The history of South Asia is unknown to most Americans. But strange
as it may seem, we share a common heritage with India and Pakistan.
This is because, at one time or another, we were all part of the British
Empire. During the Seven Years’ War, in the 1760s, Robert Clive founded
a British state in India. In 1781 America threw off its colonial
status, defeating Lord Cornwallis. But this same Cornwallis was about
to become governor-general of India, which would remain a British colony
until 1947.

As long as India was ruled by the British, precise boundaries between
ethnic and religious groups were not a major concern. But once India
became independent from Britain in 1947, these boundaries became
all-important. India was partitioned between Hindu and Muslim sectors
— India and Pakistan, respectively. Even the famous Gandhi, the father
of Indian independence, could not prevent the outbreak of fighting. The
delicate question of where to draw the line of partition was never
resolved to everyone’s satisfaction.

The key point of dispute between India and Pakistan is in Kashmir,
where the majority population is Muslim but the government has joined
with India. In 1947 the maharaja of Kashmir, Hari Singh, wanted to
maintain a position of independence. He did not want to join Hindu
India or Muslim Pakistan. But faced with a Muslim rebellion at home,
the maharaja signed an Instrument of Accession to the Indian Union in
October 1947. Afterwards, fighting between Muslim insurgents and the
Indian-backed local government continued into 1948, until a United
Nations cease-fire took effect.

Fighting along the cease-fire line flared up in 1965 and again in
1971. In the summer of 1999 yet another battle took place. The Kashmir
problem has, therefore, remained intractable. And tensions are said to
be heating up. That is why President Clinton is making a special trip
to visit the region.

Clinton’s journey to the Indian subcontinent is curious for its
timing, however. While nuclear tensions build on China’s southern
flank, there is continued talk of war with Taiwan in the east. The
current issue of China’s Howangjio Weekly has devoted most of its 16
pages to Chinese military plans. These include an attempted invasion of
Taiwan by using 200,000 small fishing vessels. Failing in this, China
would then engage in “exercises” to demonstrate preparations for nuclear
war. Combined with economic concessions, the United States would be
alternately bribed and threatened into abandoning Taiwan.

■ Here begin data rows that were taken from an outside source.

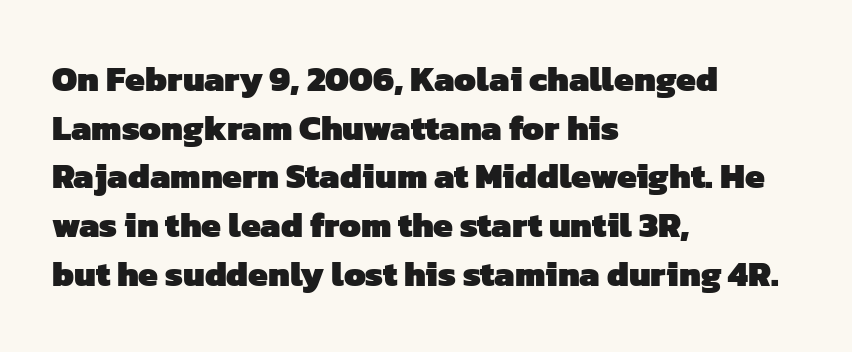
Q: Is the text bold? A: Yes.
Q: Is the typeface a serif or a sans-serif typeface? A: Sans-serif.
Q: Is the text underlined? A: No.
Q: How is the paragraph aligned? A: Left-aligned.
Q: Is the spacing between letters normal or unusually wide? A: Normal.
Q: Is the spacing between lines tight, normal or loose? A: Normal.
Q: Width (condensed, normal, or wide)? A: Normal.
Q: Stroke contrast? A: Low.
Q: x-height? A: Medium.
Q: Monospaced? A: No.
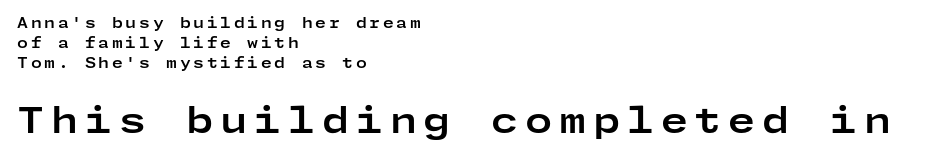
{"serif": "no", "italic": "no", "bold": "yes", "weight": "bold", "width": "wide", "stroke_contrast": "low", "x_height": "medium", "underline": "no", "align": "left", "line_spacing": "normal", "line_spacing_ratio": 1.43, "larger_block": "second", "size_ratio": 2.5, "glyph_px": 35}
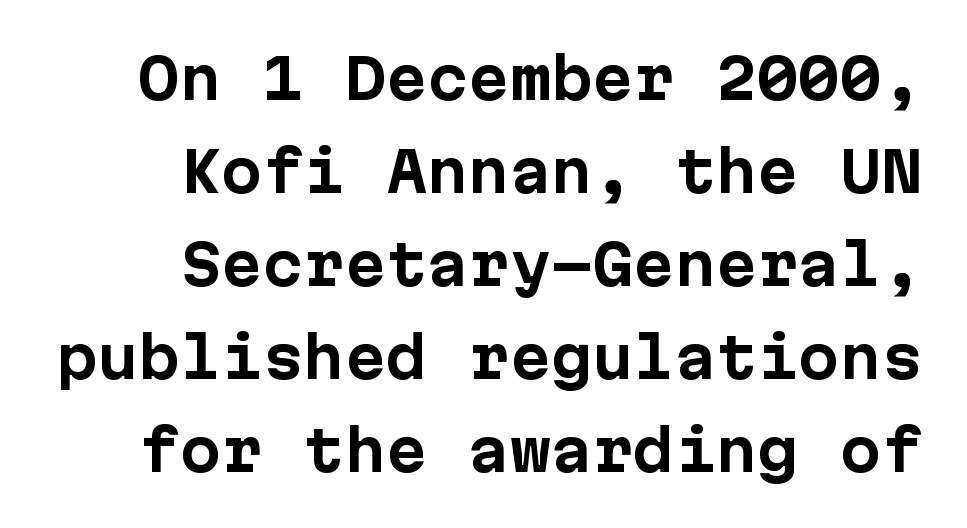
The image shows 55 px bold sans-serif type, upright; set right-aligned, normal line spacing (1.69x), normal letter spacing, not underlined; low stroke contrast and a medium x-height.

But India looms large in this overall equation. India would not like
to see Taiwan abandoned. The Indian leaders yet remember how Chinese
troops invaded and seized Indian territory in 1962, inflicting a
humiliating defeat on the Indian army. In addition, China has built a
vast infrastructure of military roads and airfields opposite India.
These are the bases from which China could one day mount an invasion of
the subcontinent. In 1998 Indian Defense Minister George Fernandes
said, “China is potential threat Number One.”

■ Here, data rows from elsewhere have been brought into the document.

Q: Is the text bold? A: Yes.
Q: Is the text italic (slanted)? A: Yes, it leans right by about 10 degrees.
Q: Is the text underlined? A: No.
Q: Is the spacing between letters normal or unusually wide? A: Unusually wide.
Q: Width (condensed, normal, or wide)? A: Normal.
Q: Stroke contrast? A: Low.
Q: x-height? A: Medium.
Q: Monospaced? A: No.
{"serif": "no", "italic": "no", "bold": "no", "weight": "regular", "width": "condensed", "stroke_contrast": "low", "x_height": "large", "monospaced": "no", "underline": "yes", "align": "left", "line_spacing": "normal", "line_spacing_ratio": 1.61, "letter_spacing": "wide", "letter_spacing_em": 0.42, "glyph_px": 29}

India therefore faces a hostile Pakistan in the west and an
aggressive China in the north. But that is not all. The Chinese have
also flanked India by gaining a foothold in Burma, to the east. The
Burma’s military junta has reportedly allowed the Chinese to build radar
tracking stations on Coco Island, from which to monitor India’s missile
testing areas. Unconfirmed stories coming out of Burma allege that
Chinese military
facilities are being constructed in coastal areas. According to Edward
Timperlake and William C. Triplett II, in their book entitled Red Dragon
Rising, “Some Burmese exiles have taken to calling their country (in
private) the ‘Burmese Autonomous Region,’ evoking the name the PRC
(People’s Republic of China) gives to Tibet. …”

So that is the strategic situation of India today. Surrounded and
besieged by nuclear-equipped enemies, nothing could be more important
for India than to avoid a dangerous compromise. No expert can guess at
what point India’s position might become untenable. And certainly,
India has more at stake in terms of Taiwan’s survival than anyone else.
For if Taiwan falls to China, India’s future looks gloomy indeed.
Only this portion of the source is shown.